Google’s self-driving cars aren’t quite ready for the open road
As it stands now, self-driving cars may be more accident report than Minority Report.
In a disclosure to the California Department of Motor Vehicles, the search-engine giant outlined specifics of its driverless-car testing from November 2014 to December 2015. Demo vehicles reportedly logged about 423,000 miles over that period. During that time, testers recorded over 300 “anomalies” that required them to take control from the vehicles, either through hardware malfunctions or on their own judgment.
The report suggests that we’re not quite as close to the fully autonomous future that science fiction and our amazing dreams have hoped.
Issues most commonly arose due to the cars’ inability to react properly to events around them, Google said.
69 of the incidents occurred when drivers believed they had identified dangers that the car hadn’t, and Google has run computer simulations to see whether that was the right decision. These re-creations found that 13 of those interruptions would have ended in an accident without human intervention, although we can’t really blame the cars. Google says that three of those occurrences were due to recklessness from other drivers on the road.

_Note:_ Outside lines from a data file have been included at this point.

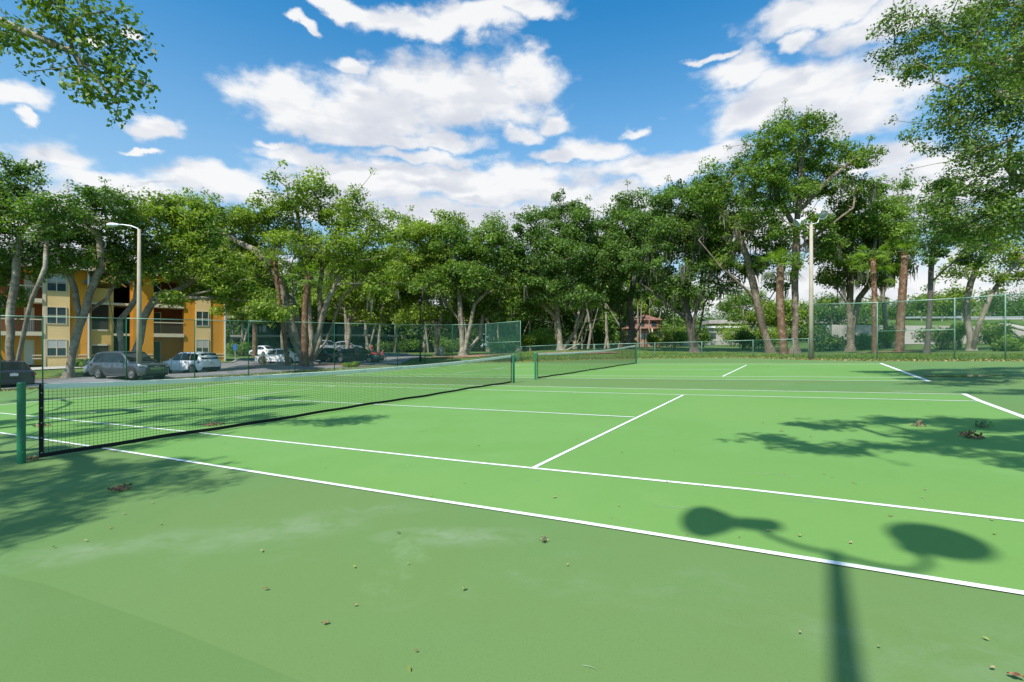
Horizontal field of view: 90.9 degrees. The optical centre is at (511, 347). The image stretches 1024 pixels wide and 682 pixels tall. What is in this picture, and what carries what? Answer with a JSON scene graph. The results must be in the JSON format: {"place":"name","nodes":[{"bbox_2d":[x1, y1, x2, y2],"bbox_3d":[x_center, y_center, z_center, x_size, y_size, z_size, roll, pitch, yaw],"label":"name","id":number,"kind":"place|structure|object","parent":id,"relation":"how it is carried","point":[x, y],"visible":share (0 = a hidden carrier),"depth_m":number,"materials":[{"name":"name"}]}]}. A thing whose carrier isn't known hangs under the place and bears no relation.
{"place":"outdoors","nodes":[
{"label":"outdoors","id":0,"kind":"place"},
{"bbox_2d":[1,353,423,388],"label":"parking asphalt","id":1,"kind":"structure","parent":0,"point":[267,369],"depth_m":39.36,"materials":[{"name":"grey asphalt"}]},
{"bbox_2d":[1,360,36,384],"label":"parked car","id":2,"kind":"object","parent":1,"relation":"on","point":[26,369],"visible":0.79,"depth_m":27.43,"materials":[{"name":"paint"}]},
{"bbox_2d":[106,223,141,379],"bbox_3d":[-23.180,-2.627,30.118,1.962,9.664,0.344,0,0,-4],"label":"street lamp","id":3,"kind":"object","parent":1,"relation":"on","point":[139,314],"visible":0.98,"depth_m":30.11,"materials":[{"name":"metal"}]},
{"bbox_2d":[89,351,168,379],"bbox_3d":[-23.680,1.075,31.198,4.835,1.750,2.240,0,0,19],"label":"parked car","id":4,"kind":"object","parent":1,"relation":"on","point":[116,366],"visible":0.8,"depth_m":30.50,"materials":[{"name":"grey paint"}]},
{"bbox_2d":[160,352,220,372],"bbox_3d":[-24.525,1.130,38.403,4.585,1.670,2.180,0,0,21],"label":"parked car","id":5,"kind":"object","parent":1,"relation":"on","point":[204,358],"visible":0.73,"depth_m":37.47,"materials":[{"name":"white paint"}]},
{"bbox_2d":[249,346,274,355],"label":"parked car","id":6,"kind":"object","parent":1,"relation":"on","point":[267,349],"visible":0.44,"depth_m":71.90,"materials":[{"name":"white paint"}]},
{"bbox_2d":[255,348,298,363],"bbox_3d":[-22.703,0.834,49.501,4.785,1.530,2.180,0,0,8],"label":"parked car","id":7,"kind":"object","parent":1,"relation":"on","point":[273,352],"visible":0.56,"depth_m":48.67,"materials":[{"name":"white paint"}]},
{"bbox_2d":[253,363,368,365],"bbox_3d":[-18.280,1.538,44.891,10.797,0.235,3.500,0,0,0],"label":"mulch bed","id":8,"kind":"object","parent":1,"relation":"on","point":[315,364],"visible":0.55,"depth_m":44.98,"materials":[{"name":"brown wood"}]},
{"bbox_2d":[141,160,412,364],"bbox_3d":[-20.655,-6.751,44.976,24.660,17.778,10.964,0,0,0],"label":"oak tree","id":9,"kind":"object","parent":8,"relation":"on","point":[248,221],"visible":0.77,"depth_m":43.02,"materials":[{"name":"green plant"}]},
{"bbox_2d":[316,348,337,361],"bbox_3d":[-19.892,0.771,53.996,4.785,1.550,2.200,0,0,30],"label":"parked car","id":10,"kind":"object","parent":1,"relation":"on","point":[326,355],"visible":0.38,"depth_m":53.03,"materials":[{"name":"black paint"}]},
{"bbox_2d":[320,340,344,350],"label":"parked car","id":11,"kind":"object","parent":1,"relation":"on","point":[329,344],"visible":0.28,"depth_m":65.34,"materials":[{"name":"white paint"}]},
{"bbox_2d":[332,348,383,362],"bbox_3d":[-15.241,0.770,49.999,4.885,1.530,2.220,0,0,8],"label":"parked car","id":12,"kind":"object","parent":1,"relation":"on","point":[360,354],"visible":0.86,"depth_m":49.22,"materials":[{"name":"black paint"}]},
{"bbox_2d":[0,0,1023,345],"label":"sky","id":13,"kind":"structure","parent":0,"point":[474,108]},
{"bbox_2d":[1,342,1023,390],"bbox_3d":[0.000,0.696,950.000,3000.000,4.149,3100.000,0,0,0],"label":"ground","id":14,"kind":"structure","parent":0,"point":[230,358],"depth_m":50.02,"materials":[{"name":"green plant"}]},
{"bbox_2d":[0,151,90,359],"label":"oak tree","id":15,"kind":"object","parent":14,"relation":"on","point":[49,226],"visible":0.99,"depth_m":30.81,"materials":[{"name":"green plant"}]},
{"bbox_2d":[0,0,163,129],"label":"oak tree","id":16,"kind":"object","parent":14,"relation":"on","point":[68,31],"visible":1,"depth_m":6.24,"materials":[{"name":"green plant"}]},
{"bbox_2d":[21,176,169,377],"bbox_3d":[-28.419,-4.395,33.696,9.630,13.572,6.646,0,0,0],"label":"oak tree","id":17,"kind":"object","parent":14,"relation":"on","point":[94,255],"visible":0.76,"depth_m":33.82,"materials":[{"name":"green plant"}]},
{"bbox_2d":[0,240,225,366],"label":"apartment building","id":18,"kind":"structure","parent":14,"relation":"on","point":[53,297],"depth_m":45.10,"materials":[{"name":"yellow paint"}]},
{"bbox_2d":[25,341,32,364],"bbox_3d":[-41.125,0.430,42.909,0.476,2.020,0.026,0,0,-38],"label":"door","id":19,"kind":"structure","parent":18,"relation":"in","point":[29,343],"depth_m":42.91,"materials":[{"name":"grey"}]},
{"bbox_2d":[46,339,66,356],"bbox_3d":[-38.514,0.010,42.608,1.298,1.460,0.047,0,0,-38],"label":"window","id":20,"kind":"structure","parent":18,"relation":"in","point":[57,349],"depth_m":42.58,"materials":[{"name":"beige glass"}]},
{"bbox_2d":[46,306,66,323],"bbox_3d":[-38.514,-2.725,42.608,1.298,1.490,0.047,0,0,-38],"label":"window","id":21,"kind":"structure","parent":18,"relation":"in","point":[57,312],"depth_m":42.58,"materials":[{"name":"beige glass"}]},
{"bbox_2d":[46,274,66,291],"bbox_3d":[-38.514,-5.475,42.608,1.298,1.490,0.047,0,0,-38],"label":"window","id":22,"kind":"structure","parent":18,"relation":"in","point":[56,284],"depth_m":42.58,"materials":[{"name":"beige"}]},
{"bbox_2d":[154,342,159,361],"bbox_3d":[-34.148,0.430,48.454,0.490,2.020,0.026,0,0,-38],"label":"door","id":23,"kind":"structure","parent":18,"relation":"in","point":[157,353],"depth_m":48.46,"materials":[{"name":"teal"}]},
{"bbox_2d":[196,339,208,351],"bbox_3d":[-30.189,-0.100,49.123,1.101,1.440,0.047,0,0,-38],"label":"window","id":24,"kind":"structure","parent":18,"relation":"in","point":[201,342],"depth_m":49.11,"materials":[{"name":"beige glass"}]},
{"bbox_2d":[196,311,208,325],"bbox_3d":[-30.189,-2.825,49.123,1.101,1.490,0.047,0,0,-38],"label":"window","id":25,"kind":"structure","parent":18,"relation":"in","point":[201,316],"depth_m":49.11,"materials":[{"name":"beige glass"}]},
{"bbox_2d":[104,187,299,350],"bbox_3d":[-22.237,-4.878,36.781,14.593,14.609,7.130,0,0,0],"label":"oak tree","id":26,"kind":"object","parent":14,"relation":"on","point":[210,264],"visible":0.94,"depth_m":35.62,"materials":[{"name":"green plant"}]},
{"bbox_2d":[226,340,251,355],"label":"shrub","id":27,"kind":"object","parent":14,"relation":"on","point":[229,350],"visible":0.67,"depth_m":78.74,"materials":[{"name":"green plant"}]},
{"bbox_2d":[0,315,485,390],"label":"chain link fence","id":28,"kind":"object","parent":14,"relation":"on","point":[42,366],"visible":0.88,"depth_m":31.89,"materials":[{"name":"green metal"}]},
{"bbox_2d":[227,265,270,355],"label":"oak tree","id":29,"kind":"object","parent":14,"relation":"on","point":[243,337],"visible":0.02,"depth_m":79.83,"materials":[{"name":"green plant"}]},
{"bbox_2d":[245,302,257,356],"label":"palm tree","id":30,"kind":"object","parent":14,"relation":"on","point":[254,338],"visible":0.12,"depth_m":65.77,"materials":[{"name":"plant"}]},
{"bbox_2d":[257,250,292,365],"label":"palm tree","id":31,"kind":"object","parent":14,"relation":"on","point":[274,264],"visible":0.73,"depth_m":42.87,"materials":[{"name":"bark"},{"name":"leaves"}]},
{"bbox_2d":[265,257,331,329],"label":"oak tree","id":32,"kind":"object","parent":14,"relation":"on","point":[314,306],"visible":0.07,"depth_m":75.73,"materials":[{"name":"green plant"}]},
{"bbox_2d":[287,259,325,366],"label":"palm tree","id":33,"kind":"object","parent":14,"relation":"on","point":[306,280],"visible":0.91,"depth_m":41.79,"materials":[{"name":"palm bark"},{"name":"palm fronds"}]},
{"bbox_2d":[226,314,407,352],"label":"hedge","id":34,"kind":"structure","parent":14,"relation":"on","point":[267,338],"depth_m":84.68,"materials":[{"name":"green plant"}]},
{"bbox_2d":[295,243,414,348],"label":"oak tree","id":35,"kind":"object","parent":14,"relation":"on","point":[351,314],"visible":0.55,"depth_m":60.92,"materials":[{"name":"green plant"}]},
{"bbox_2d":[336,270,395,350],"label":"oak tree","id":36,"kind":"object","parent":14,"relation":"on","point":[367,341],"visible":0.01,"depth_m":81.83,"materials":[{"name":"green plant"}]},
{"bbox_2d":[376,337,422,352],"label":"shrub","id":37,"kind":"object","parent":14,"relation":"on","point":[402,348],"visible":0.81,"depth_m":82.83,"materials":[{"name":"green plant"}]},
{"bbox_2d":[367,205,476,355],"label":"oak tree","id":38,"kind":"object","parent":14,"relation":"on","point":[415,258],"visible":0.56,"depth_m":57.92,"materials":[{"name":"green plant"}]},
{"bbox_2d":[405,244,454,352],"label":"oak tree","id":39,"kind":"object","parent":14,"relation":"on","point":[424,346],"visible":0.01,"depth_m":83.72,"materials":[{"name":"green plant"}]},
{"bbox_2d":[430,336,469,353],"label":"shrub","id":40,"kind":"object","parent":14,"relation":"on","point":[447,345],"visible":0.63,"depth_m":75.21,"materials":[{"name":"green plant"}]},
{"bbox_2d":[226,300,674,352],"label":"trunks","id":41,"kind":"object","parent":14,"relation":"on","point":[551,324],"visible":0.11,"depth_m":83.07,"materials":[{"name":"brown wood"}]},
{"bbox_2d":[423,353,508,357],"bbox_3d":[-4.819,0.840,53.294,9.939,0.524,4.109,0,0,0],"label":"mulch bed","id":42,"kind":"object","parent":14,"relation":"on","point":[458,356],"visible":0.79,"depth_m":52.57,"materials":[{"name":"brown wood"}]},
{"bbox_2d":[405,210,536,355],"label":"oak tree","id":43,"kind":"object","parent":14,"relation":"on","point":[459,277],"visible":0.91,"depth_m":55.50,"materials":[{"name":"green plant"}]},
{"bbox_2d":[465,250,508,351],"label":"oak tree","id":44,"kind":"object","parent":14,"relation":"on","point":[489,325],"depth_m":83.79,"materials":[{"name":"green plant"}]},
{"bbox_2d":[486,320,520,361],"bbox_3d":[-0.869,-0.512,46.886,4.442,3.887,0.060,0,0,42],"label":"chain link fence","id":45,"kind":"object","parent":14,"relation":"on","point":[501,341],"visible":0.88,"depth_m":46.73,"materials":[{"name":"teal metal"}]},
{"bbox_2d":[487,332,519,353],"bbox_3d":[-0.674,-0.499,57.812,4.016,2.691,3.657,0,0,-35],"label":"shrub","id":46,"kind":"object","parent":14,"relation":"on","point":[504,349],"visible":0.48,"depth_m":57.43,"materials":[{"name":"green plant"}]},
{"bbox_2d":[0,358,1023,681],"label":"tennis court","id":47,"kind":"object","parent":14,"relation":"on","point":[666,574],"visible":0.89,"depth_m":3.80,"materials":[{"name":"plastic"}]},
{"bbox_2d":[107,483,131,490],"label":"leaf clump","id":48,"kind":"object","parent":47,"relation":"on","point":[118,487],"visible":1,"depth_m":5.02,"materials":[{"name":"brown plant"}]},
{"bbox_2d":[0,574,300,681],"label":"court patch","id":49,"kind":"object","parent":47,"relation":"on","point":[48,633],"visible":1,"depth_m":2.27,"materials":[{"name":"paint"}]},
{"bbox_2d":[17,354,515,463],"bbox_3d":[-3.154,0.873,12.601,0.142,1.273,13.786,0,0,28],"label":"tennis net","id":50,"kind":"object","parent":47,"relation":"on","point":[21,422],"visible":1,"depth_m":8.50,"materials":[{"name":"black fabric"}]},
{"bbox_2d":[534,344,636,379],"bbox_3d":[4.508,0.531,26.338,0.142,1.477,14.673,0,0,29],"label":"tennis net","id":51,"kind":"object","parent":47,"relation":"on","point":[536,361],"visible":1,"depth_m":24.44,"materials":[{"name":"black fabric"}]},
{"bbox_2d":[925,375,1002,376],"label":"puddle","id":52,"kind":"object","parent":47,"relation":"on","point":[963,375],"visible":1,"depth_m":15.04,"materials":[{"name":"grey liquid"}]},
{"bbox_2d":[958,429,985,438],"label":"leaf clump","id":53,"kind":"object","parent":47,"relation":"on","point":[968,433],"visible":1,"depth_m":6.18,"materials":[{"name":"brown plant"}]},
{"bbox_2d":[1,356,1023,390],"bbox_3d":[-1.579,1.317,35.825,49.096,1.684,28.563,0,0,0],"label":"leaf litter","id":54,"kind":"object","parent":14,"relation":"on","point":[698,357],"visible":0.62,"depth_m":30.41,"materials":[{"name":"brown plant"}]},
{"bbox_2d":[513,334,536,351],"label":"shrub","id":55,"kind":"object","parent":14,"relation":"on","point":[526,340],"visible":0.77,"depth_m":57.49,"materials":[{"name":"green plant"}]},
{"bbox_2d":[491,261,565,350],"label":"oak tree","id":56,"kind":"object","parent":14,"relation":"on","point":[517,330],"visible":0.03,"depth_m":79.72,"materials":[{"name":"green plant"}]},
{"bbox_2d":[517,326,556,350],"bbox_3d":[3.006,-1.047,61.929,5.947,3.249,4.021,0,0,0],"label":"shrub","id":57,"kind":"object","parent":14,"relation":"on","point":[537,333],"visible":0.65,"depth_m":61.46,"materials":[{"name":"green plant"}]},
{"bbox_2d":[489,188,640,349],"bbox_3d":[6.162,-8.596,56.172,17.748,18.504,10.233,0,0,16],"label":"oak tree","id":58,"kind":"object","parent":14,"relation":"on","point":[569,243],"visible":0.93,"depth_m":54.62,"materials":[{"name":"green plant"}]},
{"bbox_2d":[541,253,603,348],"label":"oak tree","id":59,"kind":"object","parent":14,"relation":"on","point":[577,314],"visible":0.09,"depth_m":83.84,"materials":[{"name":"green plant"}]},
{"bbox_2d":[571,258,646,347],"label":"oak tree","id":60,"kind":"object","parent":14,"relation":"on","point":[621,307],"visible":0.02,"depth_m":93.43,"materials":[{"name":"green plant"}]},
{"bbox_2d":[226,287,1023,351],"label":"woods","id":61,"kind":"object","parent":14,"relation":"on","point":[598,331],"visible":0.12,"depth_m":89.05,"materials":[{"name":"green plant"}]},
{"bbox_2d":[579,175,670,348],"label":"oak tree","id":62,"kind":"object","parent":14,"relation":"on","point":[617,212],"visible":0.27,"depth_m":59.55,"materials":[{"name":"green plant"}]},
{"bbox_2d":[609,273,657,326],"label":"oak tree","id":63,"kind":"object","parent":14,"relation":"on","point":[625,318],"visible":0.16,"depth_m":98.90,"materials":[{"name":"green plant"}]},
{"bbox_2d":[615,315,666,346],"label":"pink house","id":64,"kind":"structure","parent":14,"relation":"on","point":[655,322],"depth_m":92.30,"materials":[{"name":"paint"}]},
{"bbox_2d":[633,277,677,322],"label":"oak tree","id":65,"kind":"object","parent":14,"relation":"on","point":[639,314],"visible":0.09,"depth_m":109.00,"materials":[{"name":"green plant"}]},
{"bbox_2d":[646,331,673,346],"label":"shrub","id":66,"kind":"object","parent":14,"relation":"on","point":[652,338],"visible":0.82,"depth_m":63.67,"materials":[{"name":"green plant"}]},
{"bbox_2d":[521,338,808,359],"bbox_3d":[11.396,0.346,41.084,22.915,1.950,4.920,0,0,38],"label":"chain link fence","id":67,"kind":"object","parent":14,"relation":"on","point":[525,353],"visible":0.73,"depth_m":40.62,"materials":[{"name":"teal metal"}]},
{"bbox_2d":[656,323,687,347],"bbox_3d":[19.939,-1.484,61.837,4.053,3.208,3.904,0,0,0],"label":"shrub","id":68,"kind":"object","parent":14,"relation":"on","point":[676,336],"visible":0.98,"depth_m":61.71,"materials":[{"name":"green plant"}]},
{"bbox_2d":[648,282,718,345],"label":"oak tree","id":69,"kind":"object","parent":14,"relation":"on","point":[677,305],"visible":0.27,"depth_m":87.13,"materials":[{"name":"green plant"}]},
{"bbox_2d":[617,167,752,352],"bbox_3d":[17.728,-8.316,50.425,13.946,18.243,9.146,0,0,0],"label":"oak tree","id":70,"kind":"object","parent":14,"relation":"on","point":[674,230],"visible":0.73,"depth_m":49.15,"materials":[{"name":"green plant"}]},
{"bbox_2d":[688,324,713,346],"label":"shrub","id":71,"kind":"object","parent":14,"relation":"on","point":[704,335],"visible":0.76,"depth_m":69.20,"materials":[{"name":"green plant"}]},
{"bbox_2d":[672,326,740,345],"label":"beige building","id":72,"kind":"structure","parent":14,"relation":"on","point":[713,331],"depth_m":95.00,"materials":[{"name":"concrete"}]},
{"bbox_2d":[714,322,751,346],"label":"shrub","id":73,"kind":"object","parent":14,"relation":"on","point":[726,331],"visible":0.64,"depth_m":74.66,"materials":[{"name":"green plant"}]},
{"bbox_2d":[680,133,791,352],"bbox_3d":[20.437,-9.143,46.109,11.004,19.912,7.573,0,0,0],"label":"oak tree","id":74,"kind":"object","parent":14,"relation":"on","point":[722,193],"visible":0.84,"depth_m":45.15,"materials":[{"name":"green plant"}]},
{"bbox_2d":[714,286,774,330],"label":"oak tree","id":75,"kind":"object","parent":14,"relation":"on","point":[737,310],"visible":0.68,"depth_m":97.22,"materials":[{"name":"green plant"}]},
{"bbox_2d":[732,328,774,349],"bbox_3d":[26.428,-0.888,55.426,4.180,2.598,3.479,0,0,0],"label":"shrub","id":76,"kind":"object","parent":14,"relation":"on","point":[743,335],"visible":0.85,"depth_m":55.48,"materials":[{"name":"green plant"}]},
{"bbox_2d":[752,325,791,346],"bbox_3d":[31.119,-1.328,59.985,3.717,2.886,3.963,0,0,-39],"label":"shrub","id":77,"kind":"object","parent":14,"relation":"on","point":[774,333],"visible":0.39,"depth_m":59.34,"materials":[{"name":"green plant"}]},
{"bbox_2d":[757,244,806,354],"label":"palm tree","id":78,"kind":"object","parent":14,"relation":"on","point":[779,282],"visible":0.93,"depth_m":40.78,"materials":[{"name":"palm fronds"},{"name":"palm bark"}]},
{"bbox_2d":[743,296,831,338],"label":"oak tree","id":79,"kind":"object","parent":14,"relation":"on","point":[770,314],"visible":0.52,"depth_m":90.55,"materials":[{"name":"green plant"}]},
{"bbox_2d":[723,97,897,353],"bbox_3d":[24.306,-9.584,42.251,13.075,20.761,8.274,0,0,-22],"label":"oak tree","id":80,"kind":"object","parent":14,"relation":"on","point":[777,173],"visible":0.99,"depth_m":41.49,"materials":[{"name":"green plant"}]},
{"bbox_2d":[793,210,827,358],"bbox_3d":[17.738,-3.626,29.935,1.772,9.085,0.669,0,0,11],"label":"flood light","id":81,"kind":"object","parent":14,"relation":"on","point":[823,214],"visible":1,"depth_m":29.97,"materials":[{"name":"metal"}]},
{"bbox_2d":[801,291,864,326],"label":"oak tree","id":82,"kind":"object","parent":14,"relation":"on","point":[827,298],"visible":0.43,"depth_m":96.90,"materials":[{"name":"green plant"}]},
{"bbox_2d":[814,334,858,351],"bbox_3d":[29.929,-0.433,47.795,4.297,1.800,3.645,0,0,0],"label":"shrub","id":83,"kind":"object","parent":14,"relation":"on","point":[829,342],"visible":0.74,"depth_m":47.10,"materials":[{"name":"green plant"}]},
{"bbox_2d":[854,333,880,349],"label":"shrub","id":84,"kind":"object","parent":14,"relation":"on","point":[861,345],"visible":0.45,"depth_m":47.70,"materials":[{"name":"green plant"}]},
{"bbox_2d":[806,195,930,351],"bbox_3d":[32.233,-6.408,44.775,10.254,14.053,7.749,0,0,0],"label":"oak tree","id":85,"kind":"object","parent":14,"relation":"on","point":[869,229],"visible":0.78,"depth_m":44.03,"materials":[{"name":"green plant"}]},
{"bbox_2d":[848,243,900,353],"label":"palm tree","id":86,"kind":"object","parent":14,"relation":"on","point":[874,268],"visible":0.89,"depth_m":35.90,"materials":[{"name":"palm fronds"},{"name":"palm bark"}]},
{"bbox_2d":[849,173,923,347],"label":"oak tree","id":87,"kind":"object","parent":14,"relation":"on","point":[907,184],"visible":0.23,"depth_m":52.34,"materials":[{"name":"green plant"}]},
{"bbox_2d":[878,323,905,347],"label":"shrub","id":88,"kind":"object","parent":14,"relation":"on","point":[884,337],"visible":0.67,"depth_m":49.48,"materials":[{"name":"green plant"}]},
{"bbox_2d":[860,350,940,352],"bbox_3d":[29.264,0.290,37.826,6.376,0.178,2.422,0,0,0],"label":"mulch bed","id":89,"kind":"object","parent":14,"relation":"on","point":[900,351],"visible":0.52,"depth_m":37.85,"materials":[{"name":"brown wood"}]},
{"bbox_2d":[880,236,928,350],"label":"palm tree","id":90,"kind":"object","parent":89,"relation":"on","point":[903,270],"visible":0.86,"depth_m":37.80,"materials":[{"name":"palm fronds"},{"name":"palm bark"}]},
{"bbox_2d":[814,293,1023,359],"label":"chain link fence","id":91,"kind":"object","parent":14,"relation":"on","point":[1004,329],"visible":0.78,"depth_m":25.37,"materials":[{"name":"green metal"}]},
{"bbox_2d":[910,326,962,349],"bbox_3d":[35.581,-0.741,42.283,3.390,2.273,2.548,0,0,37],"label":"shrub","id":92,"kind":"object","parent":14,"relation":"on","point":[942,341],"visible":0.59,"depth_m":41.71,"materials":[{"name":"green plant"}]},
{"bbox_2d":[863,0,1023,257],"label":"oak tree","id":93,"kind":"object","parent":14,"relation":"on","point":[974,18],"visible":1,"depth_m":11.62,"materials":[{"name":"green plant"}]},
{"bbox_2d":[918,278,987,319],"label":"oak tree","id":94,"kind":"object","parent":14,"relation":"on","point":[957,292],"visible":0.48,"depth_m":86.43,"materials":[{"name":"green plant"}]},
{"bbox_2d":[912,175,997,353],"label":"oak tree","id":95,"kind":"object","parent":14,"relation":"on","point":[965,257],"visible":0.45,"depth_m":32.86,"materials":[{"name":"green plant"}]},
{"bbox_2d":[950,322,973,347],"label":"shrub","id":96,"kind":"object","parent":14,"relation":"on","point":[958,328],"visible":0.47,"depth_m":43.66,"materials":[{"name":"green plant"}]},
{"bbox_2d":[935,203,1023,350],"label":"oak tree","id":97,"kind":"object","parent":14,"relation":"on","point":[1015,260],"visible":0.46,"depth_m":37.29,"materials":[{"name":"green plant"}]},
{"bbox_2d":[973,320,1017,344],"bbox_3d":[49.458,-1.528,51.798,3.818,2.710,3.689,0,0,0],"label":"shrub","id":98,"kind":"object","parent":14,"relation":"on","point":[999,331],"visible":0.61,"depth_m":51.26,"materials":[{"name":"green plant"}]},
{"bbox_2d":[989,334,1023,350],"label":"shrub","id":99,"kind":"object","parent":14,"relation":"on","point":[1008,345],"visible":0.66,"depth_m":33.69,"materials":[{"name":"green plant"}]},
{"bbox_2d":[702,318,961,324],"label":"overpass","id":100,"kind":"object","parent":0,"point":[713,322],"visible":0.09,"depth_m":119.75,"materials":[{"name":"concrete"}]},
{"bbox_2d":[830,325,1023,343],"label":"retaining wall","id":101,"kind":"structure","parent":0,"point":[907,334],"depth_m":59.69,"materials":[{"name":"concrete"}]},
{"bbox_2d":[888,319,1023,325],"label":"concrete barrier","id":102,"kind":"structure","parent":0,"point":[934,323],"depth_m":82.50,"materials":[{"name":"grey concrete"}]},
{"bbox_2d":[836,295,896,324],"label":"oak tree","id":103,"kind":"object","parent":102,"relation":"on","point":[867,313],"visible":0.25,"depth_m":93.31,"materials":[{"name":"green plant"}]},
{"bbox_2d":[878,284,981,320],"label":"oak tree","id":104,"kind":"object","parent":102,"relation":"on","point":[912,305],"visible":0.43,"depth_m":87.10,"materials":[{"name":"green plant"}]},
{"bbox_2d":[906,316,1023,320],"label":"guard rail","id":105,"kind":"object","parent":102,"relation":"on","point":[974,317],"visible":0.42,"depth_m":84.00,"materials":[{"name":"silver metal"}]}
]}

Google’s head of the self-driving car team, Chris Urmson, is nonetheless confident about the program’s future.
“Thanks to all this testing, we can develop measurable confidence in our abilities in various environments,” he said, adding that the company’s closed test track lets them put the car up against “rare or wacky situations” in a more controlled — and less populated — environment.
It’s unclear whether the company’s findings prove self-driving cars to be safer than the human-controlled ones currently available, but considering California lists 3,074 total traffic fatalities in 2014, it certainly doesn’t sound like they’re any less safe. Still, it seems self-driving cars will have to strike a balance between autonomy and human control.